Fundamentally, the microarray analysis raises the question as to whether clonal variation reflects degrees of impairment of secretion or enhancement. Based on indications from Viader-Salvadό et al. (2006), it would be the former with strains that maintain similarities to the wild-type strain showing the highest titers. This could certainly be argued for CV7(L), which showed the highest variation compared to wild-type. Interestingly, the mid secretors showed the least variation from wild-type, with an average of 2513 genes statistically variable from wild-type compared to 3197 in low secretors and 2944 in high secretors. As observed by Viader-Salvadό et al. (2006), there is clearly some inherent variation within the wild-type strain, which may account for a lot of the clonal variation observed in the transformants.
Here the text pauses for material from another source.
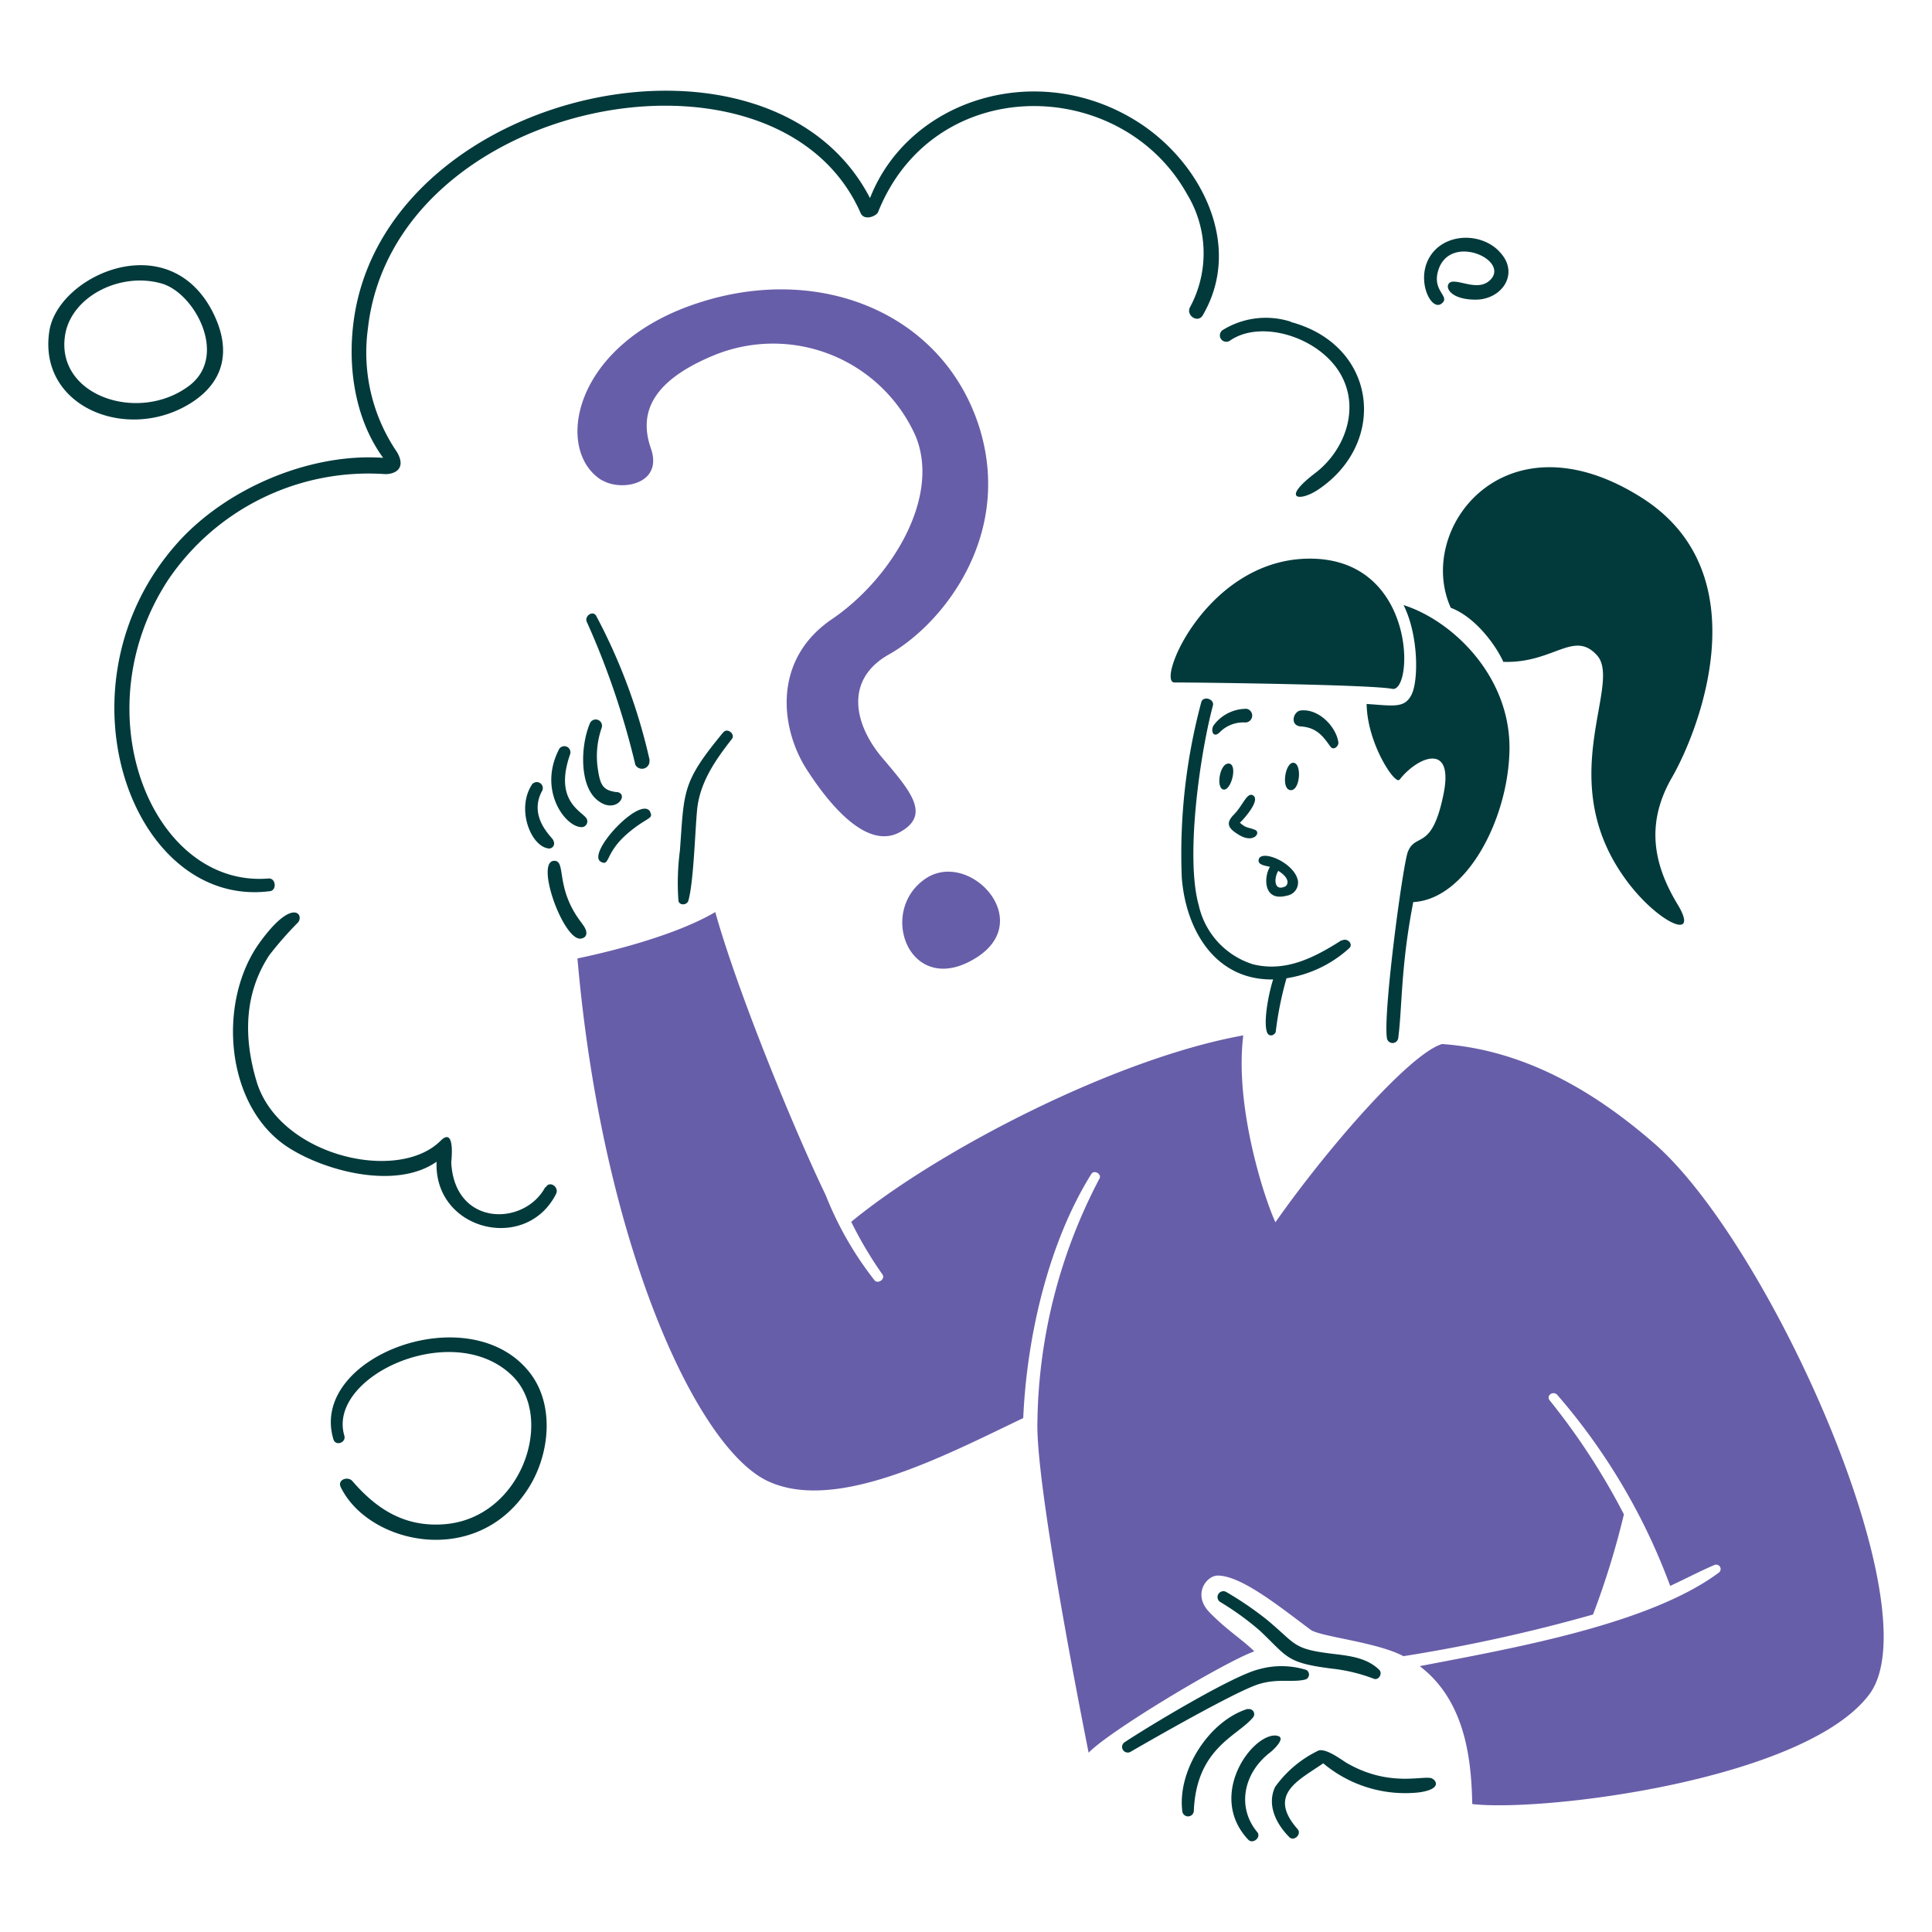 <svg viewBox="0 0 200 200" xmlns="http://www.w3.org/2000/svg"><path d="M138.916 97.313c-2.8 1.78-5.774 3.358-9.2 2.511a8.283 8.283 0 0 1-5.626-6.125c-1.391-4.973.124-15.605 1.469-20.657.186-.676-.987-1.049-1.2-.365a60.585 60.585 0 0 0-2.021 18.194c.42 5.385 3.443 10.616 9.458 10.522-.388 1.151-1.041 4.228-.645 5.441.156.489.715.443.909 0a35.392 35.392 0 0 1 1.12-5.565 12.5 12.5 0 0 0 6.489-3.109c.482-.443-.249-1.142-.777-.777Zm16.709-28.8c-.831-1.818-2.953-4.663-5.44-5.595-3.684-8.145 5.588-20.394 19.779-11.386 12.365 7.849 5.884 24.155 3.109 28.965s-1.865 9.07.591 13.127-2.332 1.8-5.6-2.907c-7.173-10.22-.085-19.958-2.751-22.888-2.409-2.65-4.516.878-9.723.684ZM144.893 80.7c1.81-2.331 5.673-3.987 4.531 1.555-1.205 5.883-2.845 3.886-3.676 5.906-.513 1.228-2.581 16.639-2.177 19.29a.591.591 0 0 0 1.174 0c.427-3.249.241-7.282 1.554-14.067 5.534-.288 9.925-8.7 9.964-15.979 0-7.577-6.039-13.212-10.966-14.766 1.554 3.108 1.554 7.771.839 9.24s-1.842 1.182-4.663.995c.062 4.127 2.953 8.4 3.389 7.842Zm-23.316-10.052c2.5 0 20.324.218 22.538.661s2.581-13.251-8.245-13.476-16.243 12.819-14.293 12.815Z" fill="#023a3c"></path><path d="M127.258 79.049c-.979-.164-1.421 2.526-.614 2.682s1.485-2.531.614-2.682Zm1.8-5.673a4.214 4.214 0 0 0-3.428 1.718c-.327.536-.038 1.352.614.73a3.418 3.418 0 0 1 2.658-1.033.715.715 0 0 0 .156-1.415Zm9.481 3.427c-.23-1.55-2-3.466-3.886-3.256-.777.086-1.173 1.554 0 1.655 1.835.1 2.487 1.329 3.109 2.13.3.357.85-.069.781-.532Zm-6.217 13.345c1.368.847.971 1.554.653 1.647-1.115.466-1.1-.909-.649-1.647Zm2.02.94c-.439-1.872-3.948-3.256-4.056-2.029-.039.5.777.568 1.181.677-.645 1.018-.723 3.645 1.74 2.984a1.368 1.368 0 0 0 1.139-1.632Zm-4.434-5.188c-.777-.3-.877-.14-1.554-.73.374-.35 2.184-2.332 1.353-2.837-.622-.35-1.042 1.049-1.974 1.989s-.529 1.469.513 2.1c1.554.951 2.332-.262 1.662-.522Zm3.965-6.94c-.84 0-1.276 2.759-.273 2.837s1.2-2.833.273-2.833Z" fill="#023a3c"></path><path d="M142.77 172.854c-1.218-1.19-2.89-1.422-4.577-1.624-4.484-.521-3.885-.956-7.126-3.621a35.039 35.039 0 0 0-4.15-2.822.607.607 0 0 0-.638 1.027 29.226 29.226 0 0 1 4.112 2.968c2.93 2.743 2.673 3.35 7.515 3.957a17.333 17.333 0 0 1 4.3 1.041c.518.209.953-.545.564-.926Zm5.44 11.231c-.994-.3-4.39.933-8.75-1.555-.528-.3-2.114-1.554-2.953-1.321a11.758 11.758 0 0 0-4.515 3.785c-.871 1.888.14 3.84 1.476 5.184.474.489 1.314-.3.863-.823-3.179-3.615.109-5.052 2.65-6.817a13.209 13.209 0 0 0 9.878 3.015c2.565-.348 1.725-1.343 1.351-1.453Zm-16.086-4.406c1.2.108-.389 1.554-.661 1.748-2.736 2.121-3.459 5.65-1.313 8.23.45.545-.467 1.3-.941.777-4.29-4.577.412-11 2.915-10.771Zm-2.954-2.779c-3.994 1.227-7.313 6.38-6.777 10.609a.6.6 0 0 0 1.19 0c.248-6.568 4.523-7.772 6.131-9.723a.529.529 0 0 0-.544-.848Zm6.031-4.042a.543.543 0 0 1-.054 1c-1.329.343-2.837-.132-4.834.482-2.332.715-11.02 5.7-13.259 6.994a.583.583 0 0 1-.645-.971c2.332-1.554 11.168-6.9 13.919-7.562a8.624 8.624 0 0 1 4.872.061Z" fill="#023a3c"></path><path d="M67.253 78.7a59.352 59.352 0 0 0-5.518-14.914c-.342-.669-1.29 0-.979.614a82.258 82.258 0 0 1 5.013 14.766.778.778 0 0 0 1.461-.458Zm-6.995 16.9c-2.829-3.59-1.616-6.442-2.844-6.489-2.06-.078.777 7.951 2.6 8.059.6 0 1.073-.513.241-1.554Zm14.635-19.815c-4.337 5.239-4.049 6.047-4.508 12.264a25.666 25.666 0 0 0-.155 5.176c.069.537.893.505 1.033 0 .536-1.9.684-7.041.894-9.326.256-2.852 1.873-5.184 3.6-7.391.4-.5-.458-1.2-.862-.707Zm-7.6 8.254c.4.777-.327.521-2.332 2.246-2.331 2.005-1.811 3.389-2.712 2.953-1.71-.777 4.088-6.994 5.059-5.2Zm-10 3.023c0-.062 0-.093-.046-.124-.125-.3-2.534-2.332-1.174-4.982A.625.625 0 1 0 55 81.327c-1.554 2.533 0 6.373 1.85 6.512a.528.528 0 0 0 .45-.777Zm3.447-2.292a.6.6 0 0 1-.412.847c-1.655.194-4.663-3.637-2.51-7.943a.633.633 0 0 1 1.2.412C57.282 83.013 60.345 84 60.74 84.77Zm3.109-2.783c1.376.179-.14 2.464-2.091.777-1.8-1.554-1.655-5.634-.684-7.9a.653.653 0 0 1 1.226.436 8.923 8.923 0 0 0-.412 4.3c.249 1.718.552 2.215 1.936 2.4Z" fill="#023a3c"></path><path d="M56.442 122.9c-2.176 4.066-9.411 4.1-9.73-2.595 0 0 .466-3.777-1.1-2.215-4.445 4.438-16.748 1.555-19.056-6.155-1.345-4.515-1.306-9.062 1.329-13.064a37.057 37.057 0 0 1 2.957-3.371c.676-.777-.5-2.658-3.886 1.974-4.585 6.217-3.653 17.331 3.109 21.45 3.886 2.4 11.028 4.212 15.131 1.337-.295 7.134 9.272 9.466 12.365 3.334.358-.708-.668-1.415-1.057-.693ZM22.1 32.458c-4.547-9.209-16.088-3.964-16.989 1.8-1.211 7.767 7.871 11.529 14.446 7.588 3.723-2.238 4.4-5.619 2.526-9.419Zm-2.511 7.469c-5.267 3.979-14.035 1-12.815-5.441.777-3.885 5.759-6.357 9.987-5.129 3.418 1.01 6.888 7.502 2.827 10.57Zm135.57-13.951c-2.106-2.1-6.124-1.795-7.391 1.073-1.026 2.331.443 5.145 1.446 4.391s-.963-1.244-.349-3.373c1.134-4 7.421-1.2 5.44.878-1.128 1.174-2.869.171-3.886.21s-.777 1.858 2.332 1.865c2.782 0 4.663-2.813 2.393-5.044ZM54.857 142.118c-6.2-7.992-22.935-1.656-20.339 6.885.225.731 1.337.349 1.127-.388-1.819-6.171 11.354-12.194 17.432-6.148 4.383 4.368.933 14.681-7.049 15.318-4.08.327-6.995-1.507-9.551-4.468-.451-.521-1.555-.164-1.213.606 2.852 5.945 14.23 8.549 19.523 0 2.113-3.412 2.655-8.475.07-11.805Zm78.774-108.813a8.48 8.48 0 0 0-7.072.871.665.665 0 1 0 .777 1.08c3.311-2.293 9.653-.249 11.658 3.886 1.71 3.482.093 7.593-2.845 9.831-3.621 2.759-1.593 3.008.358 1.679 7.2-4.881 6.023-14.922-2.868-17.316Zm-15.9-20.719c6.522 4.11 11.052 12.753 6.777 20.051-.505.87-1.8 0-1.3-.871a11.775 11.775 0 0 0-.318-11.657c-6.83-12.28-26.182-12.66-31.99 1.842-.163.419-1.438.956-1.811.1C80.5 2.506 40.751 10.161 38.085 34.02A18.288 18.288 0 0 0 41.1 46.805c1.08 1.873-.474 2.331-1.314 2.269a25.046 25.046 0 0 0-22.35 10.912C8.358 73.8 15.8 91.935 27.788 90.941c.777-.063.893 1.22.155 1.313C13.659 94.1 5.3 70.959 18.306 56.278c5.1-5.751 13.818-9.411 21.357-8.883-3.109-4.266-3.808-10.1-2.883-15.232C41 9 79.827.742 90.063 20.505 94.065 10.27 107.4 6.072 117.73 12.586Z" fill="#023a3c"></path><path d="M95.767 90.987c4.5-3.115 11.487 4.228 5.324 8.137-6.823 4.329-10.334-4.671-5.324-8.137ZM62.349 49.719c1.927 1.166 6.342.443 5.028-3.311s.241-6.994 6.4-9.575a16.15 16.15 0 0 1 20.984 8.254c2.72 6.474-2.65 14.945-8.619 18.994-6.287 4.267-5.3 11.409-2.65 15.544s6.4 8.292 9.645 6.528 1.181-4.2-1.764-7.655-4.018-8.129.66-10.756c5.526-3.109 12.886-12.3 9.326-23.572-3.89-12.147-17.342-17.284-30.368-12.357-11.875 4.515-13.515 14.976-8.658 17.922Z" fill="#675ea9"></path><path d="M171.239 118.359c-5.518-4.8-12.894-9.645-21.955-10.281-3.319.978-11.852 10.748-17.253 18.45-1.221-2.65-4.236-12.07-3.327-19.345-13.258 2.379-31.685 11.962-40.584 19.3a40.253 40.253 0 0 0 3.226 5.441c.342.475-.467 1.049-.824.6a35.079 35.079 0 0 1-5.036-8.783c-3.343-6.932-9.156-21.138-11.441-29.323-3.971 2.332-10.375 3.987-14.268 4.8 2.557 29.377 12.287 50.656 19.724 54.115 7.042 3.28 18.179-2.588 26.424-6.536.366-8.394 2.6-18.147 7.049-25.266.3-.466 1.095 0 .847.467a55.505 55.505 0 0 0-6.427 25.134c-.21 6.116 4.112 28.335 5.3 34.311 2.159-2.269 14.183-9.458 17.151-10.492-1.166-1.173-2.914-2.253-4.663-4.071s-.3-3.816.933-3.778c2.432.07 6.217 3.109 9.544 5.6.986.739 6.824 1.259 9.629 2.745a167.9 167.9 0 0 0 19.623-4.314 84.179 84.179 0 0 0 3.195-10.368 70.214 70.214 0 0 0-7.686-11.805c-.389-.474.342-1.018.777-.575a63.94 63.94 0 0 1 11.7 19.786c1.554-.715 3.038-1.506 4.593-2.168a.459.459 0 0 1 .466.777c-7.282 5.441-21.761 7.912-30.986 9.7 4.974 3.769 5.339 10.32 5.44 14.277 7.5.847 34.476-2.518 41.1-11.355s-10.347-46.662-22.271-57.043Z" fill="#675ea9"></path></svg>

Characterising this will be essential for future studies.

The increased cell death in the high-secreting strains could lend itself to the development of even higher-secreting strains, if cell death could be reduced. This has been investigated by Weis et al. (2004) who limited cell death through a strict feeding strategy. It was ascertained that cell death increased with starvation, which is evident in CV7(L) (Fig. 2) and is known to occur in both shake flasks as well as microtiter plates. Therefore, repeating these experiments in a controlled-feed environment may further differentiate the strains and shed more light on the underlying causes of clonal variation. Our experimental procedure using shake flasks did not allow us to tightly control growth parameters, as would be the case with bioreactors. However, it is important to note that during initial strain selection, most screening is performed on small scale, either using microtiter plates or shake flasks. It would be of fundamental value to investigate whether similar trends are observable using strict feeding regimes using bioreactors. Furthermore, Rebnegger et al. (2014) showed with transcriptomic analysis that a higher μ resulted in upregulation of protein secretion-related proteins, including UPR genes. Therefore, attempts to characterise a feeding programme with the high secretors with an increased μ and an decreased cell death may result in a more pronounced transcriptomic profile showing differences between the high, mid and low secretors (Rebnegger et al. 2014).

Clonal variation in P. pastoris is often attributed to differences in copy number and the integration site of the vector. However, our in-depth experiments show that significant variation occurs due to factors other than vector integration. Whilst we were unable to pinpoint precise underlying causes of clonal variation, we have highlighted the prevalence and begun to investigate identifiers that could be utilised in future experiments. This raises the question as to where the major variation arises, whether from intrinsic differences within the host strain population or whether the transformation or selection method can give rise to the variation seen. A study of variation within the host strain could provide a mechanism for preselection of potentially good secretors for transformation, thus minimising the subsequent screening exercise.